Oh, did you compile it from source? In that case, the error's from changes since 1068 or in how it was compiled, so I would focus on fixing that or install the conda version.

lifeiteng commented 1 year ago

Oh, did you compile it from source? In that case, the error's from changes since 1068 or in how it was compiled, so I would focus on fixing that or install the conda version.

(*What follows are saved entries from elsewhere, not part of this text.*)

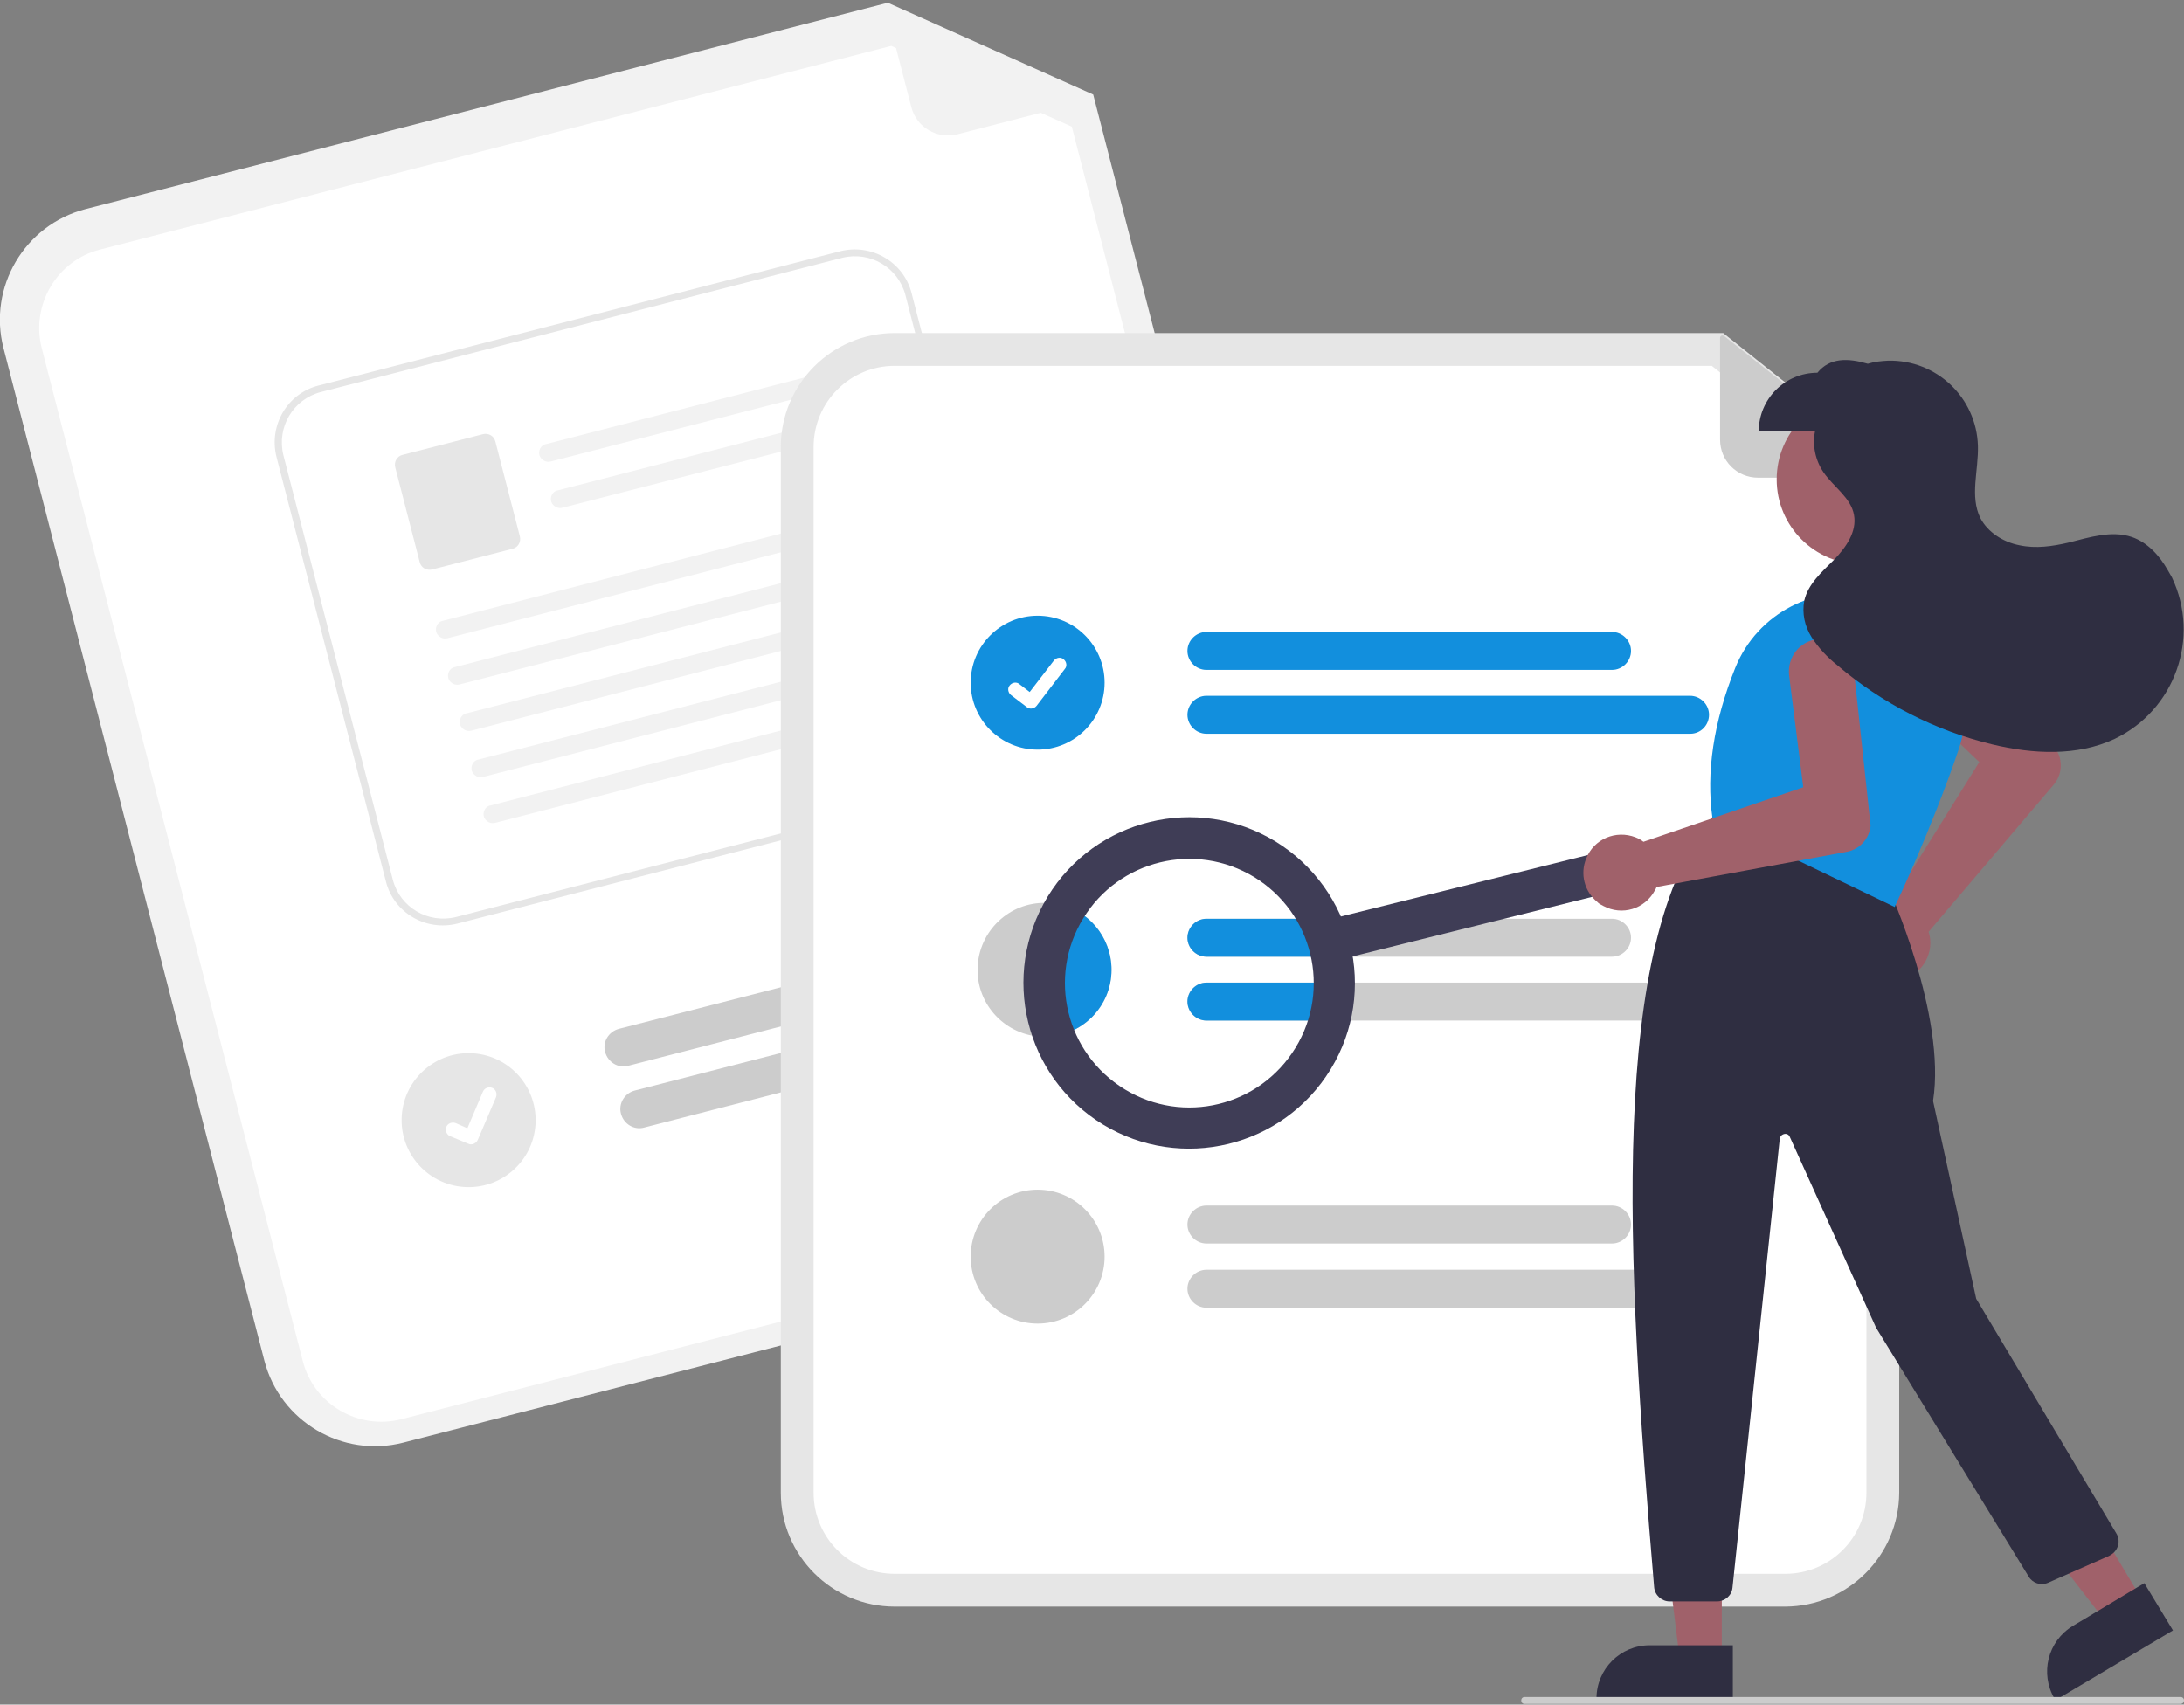 <?xml version="1.0" encoding="utf-8"?>
<!-- Generator: Adobe Illustrator 26.0.1, SVG Export Plug-In . SVG Version: 6.00 Build 0)  -->
<svg version="1.1" id="レイヤー_1" xmlns="http://www.w3.org/2000/svg" xmlns:xlink="http://www.w3.org/1999/xlink" x="0px"
	 y="0px" viewBox="0 0 632.7 493.9" style="enable-background:new 0 0 632.7 493.9;" xml:space="preserve">
<rect x="0" y="0" width="632.7" height="493.9" fill="#808080" stroke="none"/>
<style type="text/css">
	.st0{fill:#F2F2F2;}
	.st1{fill:#FFFFFF;}
	.st2{fill:#CCCCCC;}
	.st3{fill:#E6E6E6;}
	.st4{fill:#128FDD;}
	.st5{fill:#3F3D56;}
	.st6{fill:#A0616A;}
	.st7{fill:#2F2E41;}
</style>
<path class="st0" d="M366.6,353.7L116.8,418c-17.6,4.5-35.6-6.1-40.2-23.7L1,100.8c-4.5-17.6,6.1-35.6,23.7-40.2L257.2,0.8
	l59.5,26.6l73.7,286C394.9,331.1,384.3,349.1,366.6,353.7z"/>
<path class="st1" d="M29,72.3c-12.6,3.2-20.1,16.1-16.9,28.6l75.6,293.4c3.2,12.6,16.1,20.1,28.6,16.9l249.8-64.3
	c12.6-3.2,20.1-16.1,16.9-28.6L310.5,36.7l-52.3-23.4L29,72.3z"/>
<path class="st0" d="M316.1,28.9l-38.7,10c-5.9,1.5-11.9-2-13.4-7.9l-7.4-28.6c-0.1-0.4,0.1-0.7,0.5-0.8c0.1,0,0.3,0,0.5,0l58.6,26
	c0.3,0.2,0.5,0.6,0.3,0.9C316.4,28.7,316.3,28.9,316.1,28.9z"/>
<path class="st2" d="M295.7,279.5L182,308.8c-2.9,0.8-5.9-1-6.7-4c-0.8-2.9,1-5.9,4-6.7l0,0L293,268.9c2.9-0.8,5.9,1,6.7,4
	C300.4,275.8,298.7,278.8,295.7,279.5z"/>
<path class="st2" d="M322.3,291.8l-135.7,34.9c-2.9,0.8-5.9-1-6.7-4c-0.8-2.9,1-5.9,3.9-6.7l135.7-34.9c2.9-0.8,5.9,1,6.7,4
	S325.3,291.1,322.3,291.8z"/>
<ellipse id="a597741b-ffcf-4aba-98b0-6652ef5d57c9" transform="matrix(7.088904e-02 -0.998 0.998 7.088904e-02 -197.905 436.866)" class="st3" cx="135.6" cy="324.7" rx="19.4" ry="19.4"/>
<path class="st1" d="M283.6,228.7l-151.1,38.9c-9.1,2.3-18.4-3.1-20.7-12.2l-31.7-123c-2.3-9.1,3.1-18.4,12.2-20.7l151.1-38.9
	c9.1-2.3,18.4,3.1,20.7,12.2l31.7,123C298.2,217.1,292.7,226.3,283.6,228.7z"/>
<path class="st3" d="M283.6,228.7l-151.1,38.9c-9.1,2.3-18.4-3.1-20.7-12.2l-31.7-123c-2.3-9.1,3.1-18.4,12.2-20.7l151.1-38.9
	c9.1-2.3,18.4,3.1,20.7,12.2l31.7,123C298.2,217.1,292.7,226.3,283.6,228.7z M92.9,113.6c-8,2.1-12.8,10.2-10.8,18.3l31.7,123
	c2.1,8,10.2,12.8,18.3,10.8l151.1-38.9c8-2.1,12.8-10.2,10.8-18.3l-31.7-123c-2.1-8-10.2-12.8-18.3-10.8L92.9,113.6z"/>
<path id="b056fd3f-f1a0-44f0-b006-deff0bee637d-648" class="st0" d="M235.8,114.1l-76.2,19.6c-1.4,0.4-2.8-0.4-3.3-1.7
	c-0.4-1.4,0.3-2.9,1.7-3.3c0,0,0.1,0,0.1,0l77.6-20C238.9,110.3,238.1,113.6,235.8,114.1L235.8,114.1z"/>
<path id="f1ea6668-a825-428d-96fe-a2c4e1b5a672-649" class="st0" d="M239.3,127.5L163,147.1c-1.4,0.4-2.8-0.4-3.3-1.7
	c-0.4-1.4,0.3-2.9,1.7-3.3c0,0,0.1,0,0.1,0l77.6-20C242.3,123.7,241.5,126.9,239.3,127.5L239.3,127.5z"/>
<path id="ee9aa382-a9c9-40d0-8ed3-22ec2dd616d6-650" class="st3" d="M148.5,159l-23.3,6c-1.6,0.4-3.2-0.5-3.6-2.1l-7.1-27.5
	c-0.4-1.6,0.5-3.2,2.1-3.6l23.3-6c1.6-0.4,3.2,0.5,3.6,2.1l7.1,27.5C151,157,150.1,158.6,148.5,159L148.5,159z"/>
<path id="be954d2b-d8b8-4d26-80a0-a319e99a4b10-651" class="st0" d="M246.1,154.9l-116.4,30c-1.4,0.4-2.8-0.4-3.3-1.7
	c-0.4-1.4,0.3-2.9,1.7-3.3c0,0,0.1,0,0.1,0L246,149.5C249.2,151.1,248.3,154.4,246.1,154.9L246.1,154.9z"/>
<path id="baaae9e4-1b4d-40c2-8a9d-f2abb078b489-652" class="st0" d="M249.6,168.3l-116.4,30c-1.4,0.4-2.8-0.4-3.3-1.7
	c-0.4-1.4,0.3-2.9,1.7-3.3c0,0,0.1,0,0.1,0l117.7-30.3C252.6,164.5,251.8,167.7,249.6,168.3L249.6,168.3z"/>
<path id="a91bf4c9-37f6-4391-92ed-1882bd0ce21c-653" class="st0" d="M253,181.7l-116.4,30c-1.4,0.4-2.8-0.4-3.3-1.7
	c-0.4-1.4,0.3-2.9,1.7-3.3c0,0,0.1,0,0.1,0l117.7-30.3C256,177.9,255.2,181.1,253,181.7L253,181.7z"/>
<path id="efb98e07-468b-4c85-9a64-ee4cc5493d6f-654" class="st0" d="M256.4,195.1l-116.4,30c-1.4,0.4-2.8-0.4-3.3-1.7
	c-0.4-1.4,0.3-2.9,1.7-3.3c0,0,0.1,0,0.1,0l117.7-30.3C259.5,191.2,258.7,194.5,256.4,195.1z"/>
<path id="aeb1db98-32e5-40b8-ab89-fdad6a3263dc-655" class="st0" d="M259.9,208.4l-116.4,30c-1.4,0.4-2.8-0.4-3.3-1.7
	c-0.4-1.4,0.3-2.9,1.7-3.3c0,0,0.1,0,0.1,0L259.8,203C262.9,204.6,262.1,207.9,259.9,208.4z"/>
<path id="be265de5-288f-49a7-867d-c42e7cdbf4db-656" class="st1" d="M137,331.5c-0.4,0.1-0.9,0.1-1.3-0.1l0,0l-5.3-2.2
	c-1-0.4-1.5-1.6-1.1-2.7c0.4-1,1.6-1.5,2.7-1.1c0,0,0,0,0,0l3.4,1.5l4.5-10.6c0.4-1,1.6-1.5,2.7-1.1c0,0,0,0,0,0l0,0l0,0.1l0-0.1
	c1,0.4,1.5,1.6,1.1,2.7l-5.3,12.4C138.1,330.9,137.6,331.3,137,331.5L137,331.5z"/>
<path class="st3" d="M517.2,465.5h-258c-18.2,0-33-14.8-33-33v-303c0-18.2,14.8-33,33-33h240l51,40.6v295.4
	C550.1,450.7,535.4,465.4,517.2,465.5z"/>
<path class="st1" d="M259.2,106c-13,0-23.5,10.5-23.5,23.5v303c0,13,10.5,23.5,23.5,23.5h258c13,0,23.5-10.5,23.5-23.5V141.7
	L495.9,106H259.2z"/>
<path class="st4" d="M467,194.1H349.5c-3,0-5.5-2.5-5.5-5.5c0-3,2.5-5.5,5.5-5.5H467c3,0,5.5,2.5,5.5,5.5
	C472.5,191.6,470,194.1,467,194.1C467,194.1,467,194.1,467,194.1z"/>
<path class="st4" d="M489.7,212.6H349.5c-3,0-5.5-2.5-5.5-5.5s2.5-5.5,5.5-5.5h140.1c3,0,5.5,2.5,5.5,5.5S492.7,212.6,489.7,212.6z"
	/>
<path class="st2" d="M467,266.2H349.5c-3,0-5.5,2.5-5.5,5.5s2.5,5.5,5.5,5.5c0,0,0,0,0,0H467c3,0,5.5-2.5,5.5-5.5
	C472.5,268.7,470,266.2,467,266.2z"/>
<path class="st2" d="M489.7,284.7H349.5c-3,0-5.5,2.5-5.5,5.5s2.5,5.5,5.5,5.5c0,0,0,0,0,0h140.1c3,0,5.5-2.5,5.5-5.5
	C495.1,287.2,492.7,284.7,489.7,284.7z"/>
<path class="st2" d="M467,360.3H349.5c-3,0-5.5-2.5-5.5-5.5c0-3,2.5-5.5,5.5-5.5H467c3,0,5.5,2.5,5.5,5.5
	C472.5,357.8,470,360.3,467,360.3C467,360.3,467,360.3,467,360.3z"/>
<path class="st2" d="M489.7,378.9H349.5c-3,0-5.5-2.5-5.5-5.5c0-3,2.5-5.5,5.5-5.5h140.1c3,0,5.5,2.5,5.5,5.5
	C495.1,376.4,492.7,378.9,489.7,378.9z"/>
<circle id="abdb8e2f-a218-463c-85f4-c869fef49971" class="st4" cx="300.6" cy="197.8" r="19.4"/>
<path id="ba7dbbd6-0052-44b1-a552-47a8298b8d3e-657" class="st1" d="M298.7,205.3c-0.4,0-0.9-0.1-1.2-0.4l0,0l-4.6-3.5
	c-0.9-0.7-1.1-2-0.4-2.8c0.7-0.9,2-1.1,2.8-0.4c0,0,0,0,0,0l3,2.3l7-9.1c0.7-0.9,2-1.1,2.8-0.4v0l0,0l0,0.1l0-0.1
	c0.9,0.7,1.1,2,0.4,2.8l-8.2,10.7C299.9,205,299.3,205.3,298.7,205.3L298.7,205.3z"/>
<path class="st2" d="M322,281c0,10.7-8.7,19.4-19.4,19.4c0,0,0,0,0,0c-0.2,0-0.3,0-0.5,0c-10.7-0.3-19.2-9.2-18.9-19.9
	c0.3-10.7,9.2-19.2,19.9-18.9C313.6,261.8,322,270.4,322,281z"/>
<circle id="e4a71040-498e-4958-ad41-c2d79154b8f7" class="st2" cx="300.6" cy="364.1" r="19.4"/>
<path class="st2" d="M549.2,138.4h-39.9c-6.1,0-11-4.9-11-11v0V97.9c0-0.4,0.3-0.7,0.7-0.7c0.2,0,0.3,0.1,0.4,0.1l50.2,39.8
	c0.3,0.2,0.3,0.7,0.1,1C549.6,138.3,549.4,138.4,549.2,138.4z"/>
<path class="st4" d="M322,281c0,10.7-8.7,19.4-19.4,19.4c0,0,0,0,0,0c-0.2,0-0.3,0-0.5,0c-5.1-12.7-3.7-27.1,3.8-38.6
	C315.2,263.4,322,271.5,322,281z"/>
<path class="st4" d="M344,271.7c0-3,2.5-5.5,5.5-5.5h29.3c1.7,3.5,2.9,7.2,3.6,11h-32.9C346.5,277.2,344,274.7,344,271.7z"/>
<path class="st4" d="M383.1,284.7c0,3.7-0.5,7.4-1.5,11h-32.1c-3,0-5.5-2.5-5.5-5.5s2.5-5.5,5.5-5.5c0,0,0,0,0,0H383.1z"/>
<path class="st5" d="M470.7,251.3c0.8,3.2-1.2,6.5-4.4,7.3l-79.6,19.8c-3.2,0.8-6.5-1.2-7.3-4.4c-0.8-3.2,1.2-6.5,4.4-7.3l79.6-19.8
	C466.6,246.1,469.9,248.1,470.7,251.3z"/>
<path class="st5" d="M385.5,309.8c-13.8,22.6-43.3,29.8-66,16c-22.6-13.8-29.8-43.3-16-66c13.8-22.6,43.3-29.8,66-16l0,0
	C392.1,257.7,399.3,287.2,385.5,309.8z M313.8,266.1c-10.4,17-5,39.1,12,49.5c17,10.4,39.1,5,49.5-12c10.4-17,5-39.1-12-49.5
	C346.3,243.8,324.2,249.1,313.8,266.1z"/>
<circle class="st6" cx="539.3" cy="138.9" r="24.6"/>
<path class="st6" d="M537.7,276.6c-1.9-5.8,1.3-12,7.1-13.8c0.4-0.1,0.8-0.2,1.2-0.3c0.5-0.1,1-0.2,1.5-0.2l25.9-41.5l-23.6-22.5
	c-3.8-3.6-3.9-9.6-0.3-13.3s9.6-3.9,13.3-0.3c0,0,0.1,0.1,0.1,0.1l32.6,32.2l0.1,0.1c2.1,3.2,1.8,7.3-0.6,10.2L558.7,270
	c0.1,0.3,0.2,0.7,0.3,1c1.2,6-2.7,11.8-8.6,12.9c-0.4,0.1-0.8,0.1-1.2,0.2c-0.3,0-0.6,0-0.9,0C543.4,284.2,539.2,281.1,537.7,276.6z
	"/>
<polygon class="st6" points="498.8,480.7 486.6,480.7 480.8,433.5 498.8,433.5 "/>
<path class="st7" d="M502,492.6l-39.5,0v-0.5c0-8.5,6.9-15.4,15.4-15.4c0,0,0,0,0,0h0l24.1,0L502,492.6z"/>
<polygon class="st6" points="620.7,463.8 610.2,470.1 581,432.4 596.5,423.2 "/>
<path class="st7" d="M629.5,472.4l-34,20.2l-0.3-0.4c-4.3-7.3-2-16.7,5.3-21.1c0,0,0,0,0,0l0,0l20.7-12.4L629.5,472.4z"/>
<path class="st7" d="M479.2,459.9c-8.2-96.7-13.1-186.5,16.9-223.2l0.2-0.3l50.5,20.2l0.1,0.2c0.2,0.4,17,37.3,13.1,62.2l12.5,57.3
	l40.6,68c1.3,2.1,0.6,4.9-1.6,6.2c-0.2,0.1-0.3,0.2-0.5,0.3l-17.7,7.8c-2.1,0.9-4.5,0.1-5.6-1.8l-44.2-72.1l-25-55.3
	c-0.3-0.8-1.2-1.1-2-0.7c-0.5,0.2-0.8,0.7-0.9,1.2L501.9,460c-0.2,2.3-2.2,4-4.5,4h-13.7C481.4,464,479.4,462.2,479.2,459.9z"/>
<path class="st4" d="M496.3,237.5l-0.2-0.1l0-0.3c-1.9-13.2,0.3-27.9,6.6-43.6c6.4-15.9,23.5-24.7,40.2-20.7l0,0
	c9.4,2.3,17.4,8.5,22.1,17c4.6,8.4,5.5,18.4,2.4,27.4c-7.9,23.2-18.2,44.9-18.3,45.1l-0.2,0.5L496.3,237.5z"/>
<path class="st6" d="M459.5,248.8c2.2-5.7,8.6-8.4,14.3-6.2c0.4,0.2,0.8,0.3,1.1,0.5c0.4,0.2,0.8,0.5,1.2,0.8l46.3-15.8l-4.1-32.4
	c-0.6-5.2,3-9.9,8.2-10.5c5.2-0.6,9.9,3,10.5,8.2c0,0.1,0,0.1,0,0.2l4.9,45.6l0,0.1c-0.4,3.8-3.2,6.8-6.9,7.5L479.9,257
	c-0.1,0.3-0.3,0.7-0.5,1c-2.9,5.4-9.5,7.4-14.9,4.5c-0.4-0.2-0.7-0.4-1.1-0.6c-0.3-0.2-0.5-0.4-0.7-0.6
	C459,258.3,457.7,253.2,459.5,248.8z"/>
<path class="st7" d="M628,165.2c-2.4-4.2-5.8-8-10.4-9.6c-5.9-2-12.3,0.1-18.3,1.6c-4.7,1.1-9.5,1.8-14.2,0.8
	c-4.7-0.9-9.2-3.7-11.4-7.9c-3.1-6.3-0.5-13.8-0.7-20.9c-0.4-14-12-25-26-24.7c-2,0.1-4,0.3-5.9,0.9c-5.8-1.7-11-1.8-14.6,2.6
	c-9.4,0-17,7.6-17,17h16.3c-0.8,4.1,0.1,8.4,2.5,11.9c2.9,4.2,7.9,7.3,8.8,12.3c0.9,4.9-2.4,9.5-5.8,13c-3.5,3.5-7.5,7-8.6,11.8
	c-0.7,3.7,0.1,7.4,2.1,10.6c2,3.1,4.5,5.8,7.4,8.1c13,11.1,28.4,19,45,23c11.7,2.8,24.5,3.5,35.4-1.6c17.5-8.4,24.9-29.3,16.6-46.8
	C628.8,166.6,628.4,165.9,628,165.2z"/>
<path class="st2" d="M631.7,493.7h-190c-0.6,0-1-0.4-1-1s0.4-1,1-1h190c0.6,0,1,0.4,1,1S632.2,493.7,631.7,493.7z"/>
</svg>

trying to use docker version but new errors

Job 8 encountered an error:
Traceback (most recent call last):

  File "/env/lib/python3.10/site-packages/montreal_forced_aligner/abc.py", line 89, in run
    yield from self._run()

  File "/env/lib/python3.10/site-packages/montreal_forced_aligner/corpus/features.py", line 705, in _run
    self.check_call(copy_proc)

  File "/env/lib/python3.10/site-packages/montreal_forced_aligner/abc.py", line 116, in check_call
    raise KaldiProcessingError([self.log_path])

montreal_forced_aligner.exceptions.KaldiProcessingError: KaldiProcessingError:

There were 1 job(s) with errors when running Kaldi binaries.
See the log files below for more information.
/home/feiteng/Documents/MFA/mls-english_train1_splits00/mls-english_train1_splits00/split8/log/generate_final_features.8.log

$ cat /home/feiteng/Documents/MFA/mls-english_train1_splits00/mls-english_train1_splits00/split8/log/generate_final_features.8.log
/env/bin/apply-cmvn --utt2spk=ark:/home/feiteng/Documents/MFA/mls-english_train1_splits00/mls-english_train1_splits00/split8/utt2spk.8.scp scp:/home/feiteng/Documents/MFA/mls-english_train1_splits00/mls-english_train1_splits00/split8/cmvn.8.scp scp:/home/feiteng/Documents/MFA/mls-english_train1_splits00/mls-english_train1_splits00/split8/feats.8.scp ark:-
/env/bin/copy-feats --compress=true ark:- ark,scp:/home/feiteng/Documents/MFA/mls-english_train1_splits00/mls-english_train1_splits00/split8/final_features.8.ark,/home/feiteng/Documents/MFA/mls-english_train1_splits00/mls-english_train1_splits00/split8/final_features.8.scp
ERROR (apply-cmvn[5.5.1016]:HasKey():util/kaldi-table-inl.h:2639) Attempting to read key 101-68298, which is not present in utt2spk map or similar map being read from ark:/home/feiteng/Documents/MFA/mls-english_train1_splits00/mls-english_train1_splits00/split8/utt2spk.8.scp
kaldi::KaldiFatalErrorLOG (copy-feats[5.5.1016]:main():featbin/copy-feats.cc:143) Copied 0 feature matrices.

split8/utt2spk.8.scp missing data.

lifeiteng commented 1 year ago

Oh, did you compile it from source? In that case, the error's from changes since 1068 or in how it was compiled, so I would focus on fixing that or install the conda version.

version 1068, still error

lifeiteng commented 1 year ago

There is a problem with the machine.